Has the music stopped for the broken record business?
Pearl Jam and Gregg Allman may have new albums out Tuesday but with CD sales of chart toppers historically anemic the first weeks of 2011, record companies can't rely on old faves to keep beating the declining odds.
“No other industry will go through as much change as the music industry will in the next six months,” a major-label senior executive told TheWrap.
What exact form that change will be is still taking shape but some hard realities in the trouble industry are apparent. The industry’s death knell has rung louder each passing year since CDs sales peaked at the turn of the century.
Today the downbeat biz is financially shrinking, reshaping structurally and upending leadership at a combined tempo perhaps swifter than at any time since freely-shared files and 99-cent digital singles began to disrupt age-old record-label economics a decade ago.
Last year, according Nielsen SoundScan, album sales at retail fell almost 13 percent, . Translation: The sheer 326.2 million CDs purchased in 2010 were, for the fourth straight year, 20 percent fewer than the year before. While the numbers are not known yet, the value of record-label shipments industrywide undoubtedly fell in 2010 from 2009’s $7.7 billion, which was 12 percent down from the year before.
In the early weeks of the New Year, Taylor Swift held onto the chart top spot with 52,000 copies of “Speak Now” purchased, the puniest sales for a No. 1 album in 20 years of SoundScan tracking. On Sunday, the blog FutureHit.DNA posted an obit on an entire genre, rock, blaming the figurative fatality on the music-business environment.

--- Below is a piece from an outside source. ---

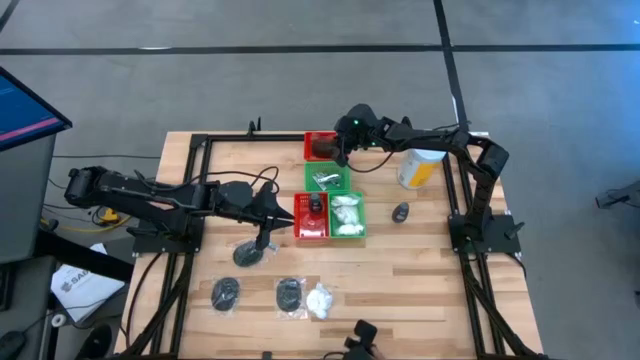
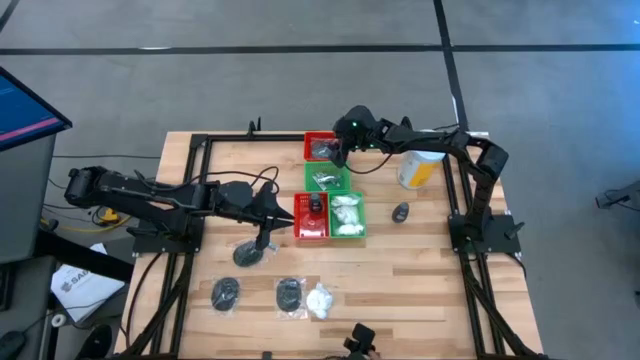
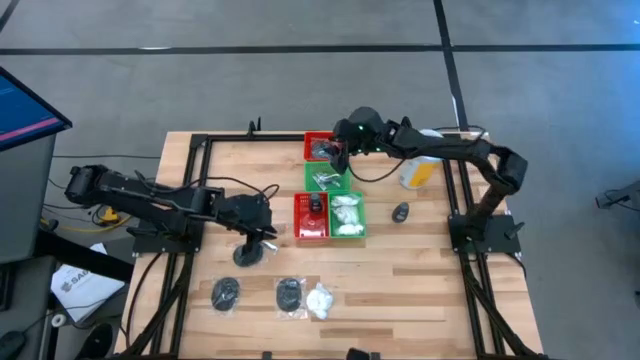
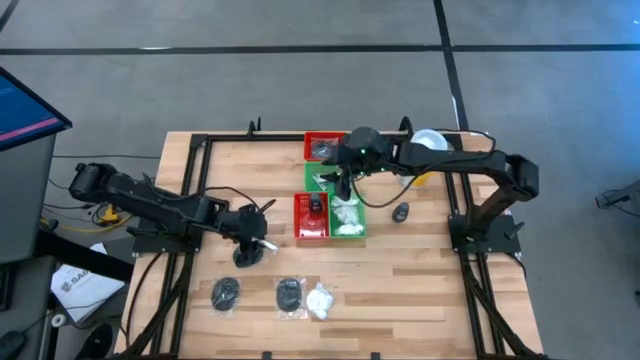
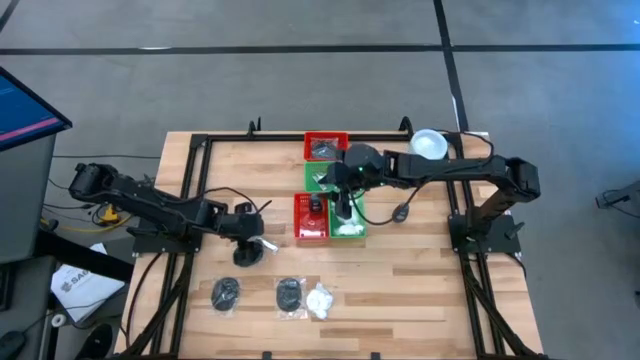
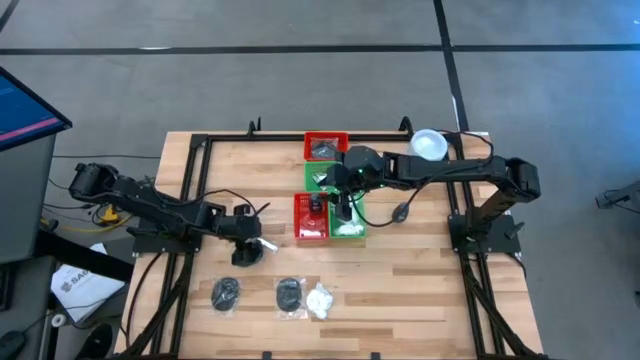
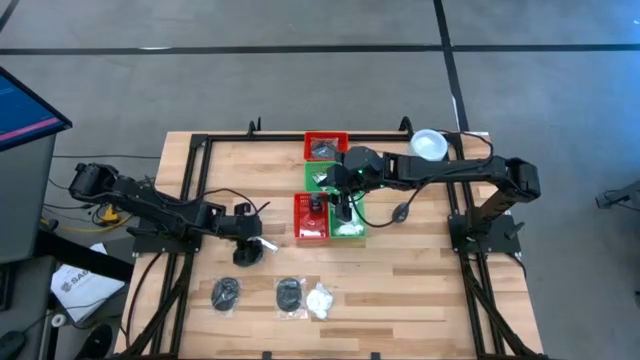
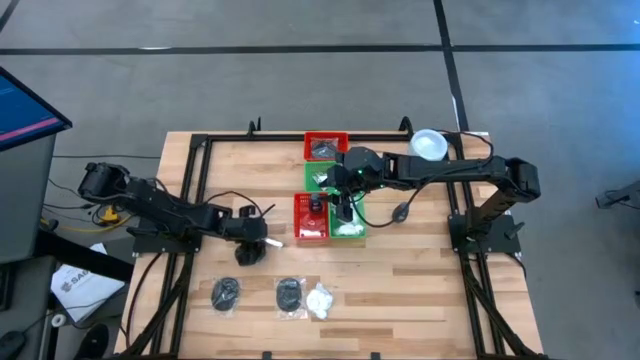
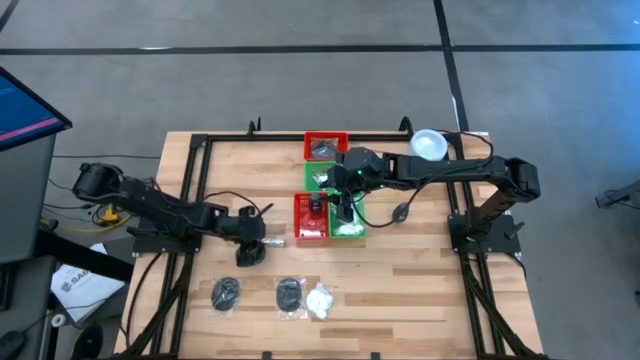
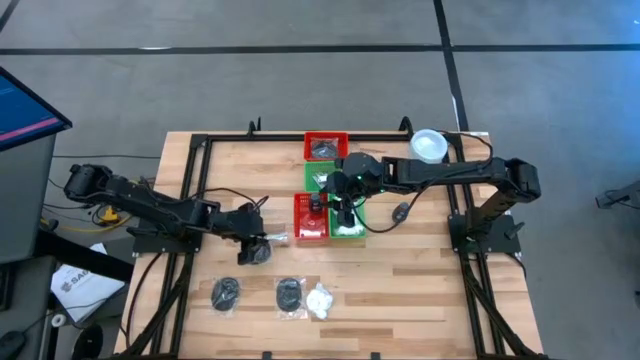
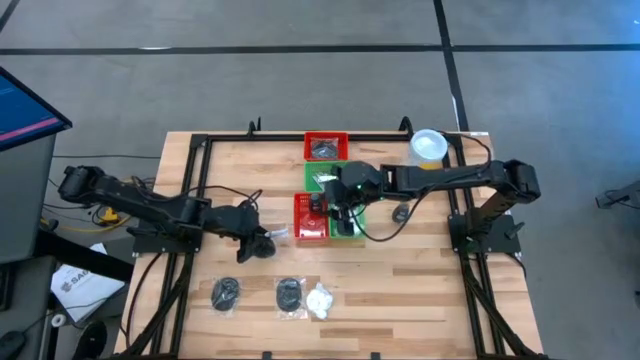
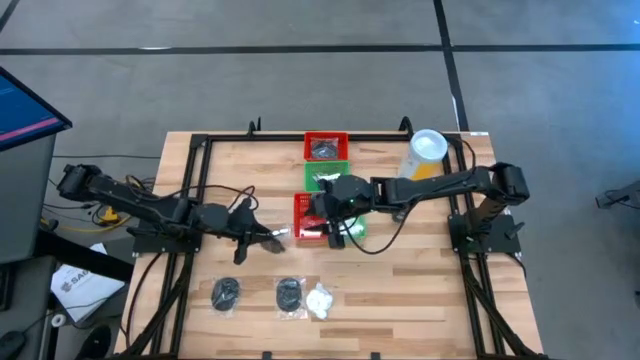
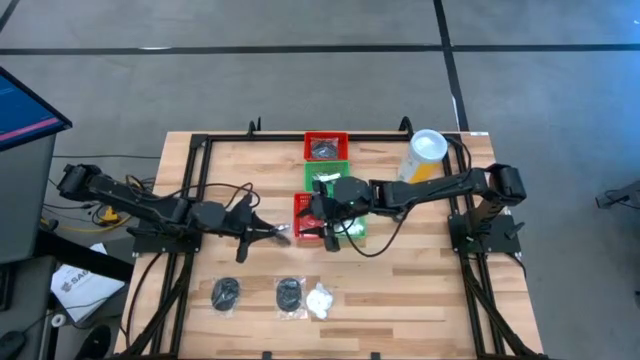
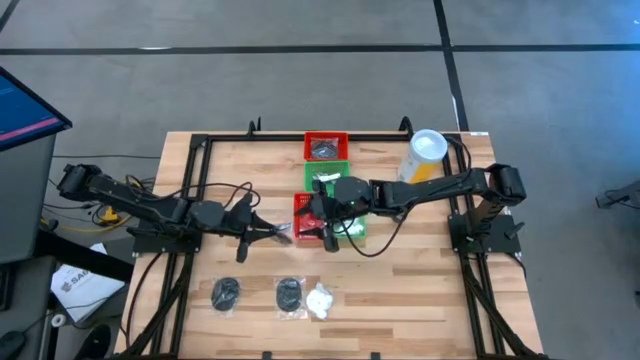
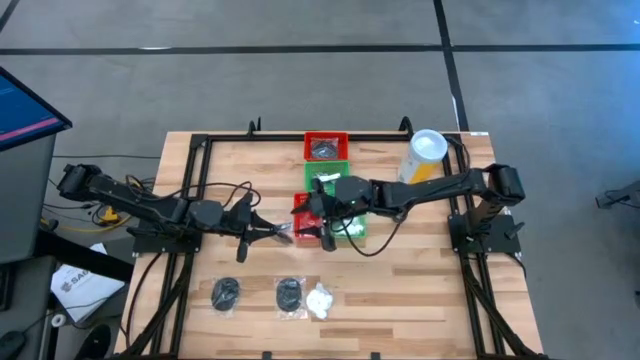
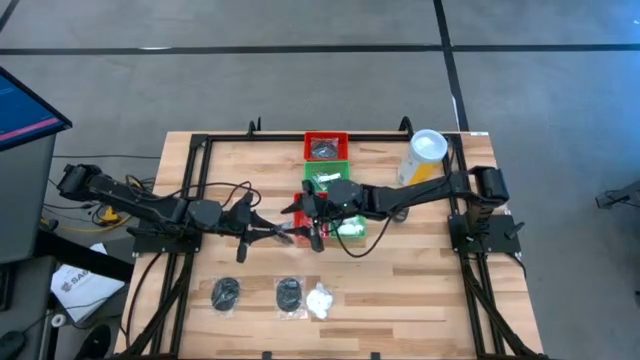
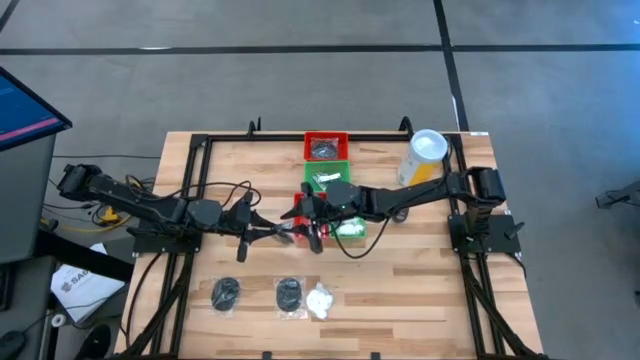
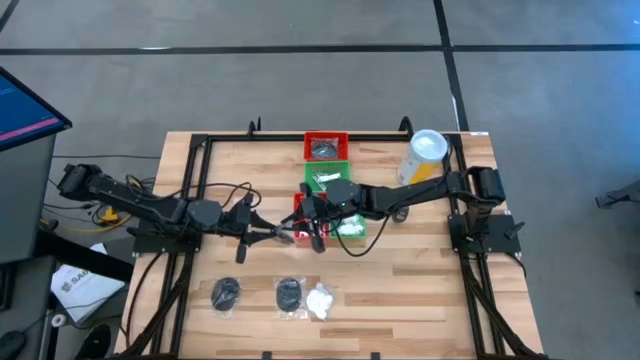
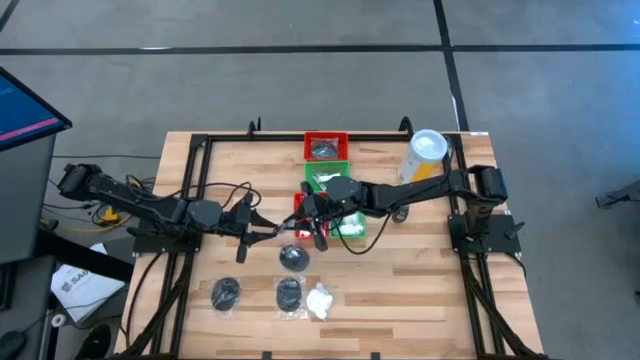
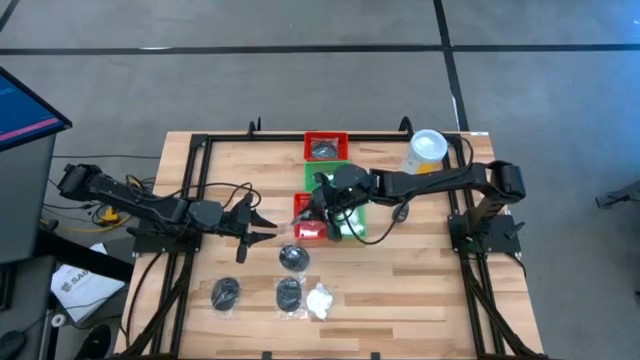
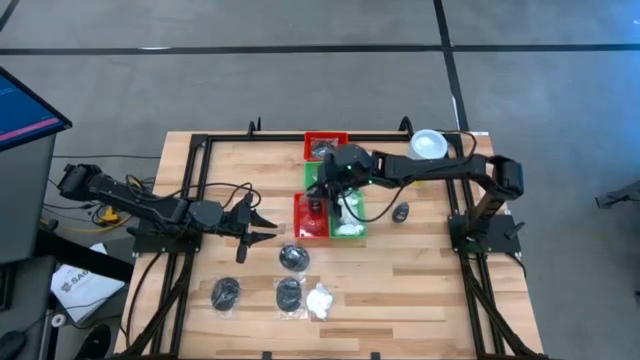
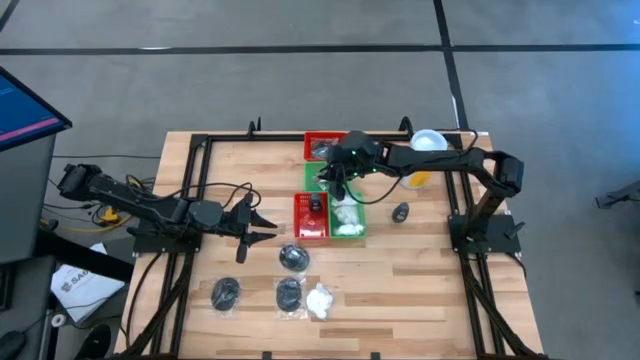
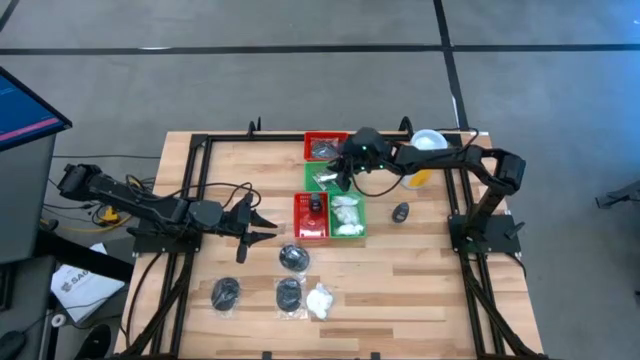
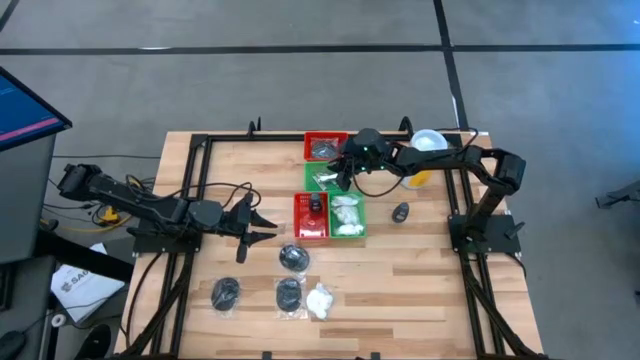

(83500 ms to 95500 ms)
Task: Pick & Place Travel size toiletries
Put the silver nail cutter into the top green bin

“The business of selling music is over as we knew it," a former label chief said to TheWrap. "And the future of it is yet to be determined by anyone.”
On New Year’s Day, though, an ongoing changing of the industry guard propelled CEO Lucian Grainge to Universal Music Group helm with a mandate to cut “a lot of fat…without hurting muscle and bones.”
Anxiously, the world’s largest music company--where Lady Gaga, Kanye West and Justin Bieber record—now is bracing for Grainge’s projected hit list of cost-cuttings totaling $50 million to $90 million all the way to a remarkable $400 million. Those cuts will include dozens, if not hundreds, of jettisoned music workers, according to three senior insiders who spoke to TheWrap.
One highly placed Universal insider insists it’ll all be done discreetly and surgically, with a series of back-office meshing, a dozen employees quietly lopped here, 15 or so there. The budgeting for picking talent and hits will be exempt. Like other labels have already, Universal Music will drum up new revenues by expanding into new services, including managing artists and promoting their tours, not just the dismal business of putting out records.
Doug Morris, out as Universal Music’s CEO but left in place as the figurehead chairman until yearend, is negotiating an early escape to lead Sony, the No.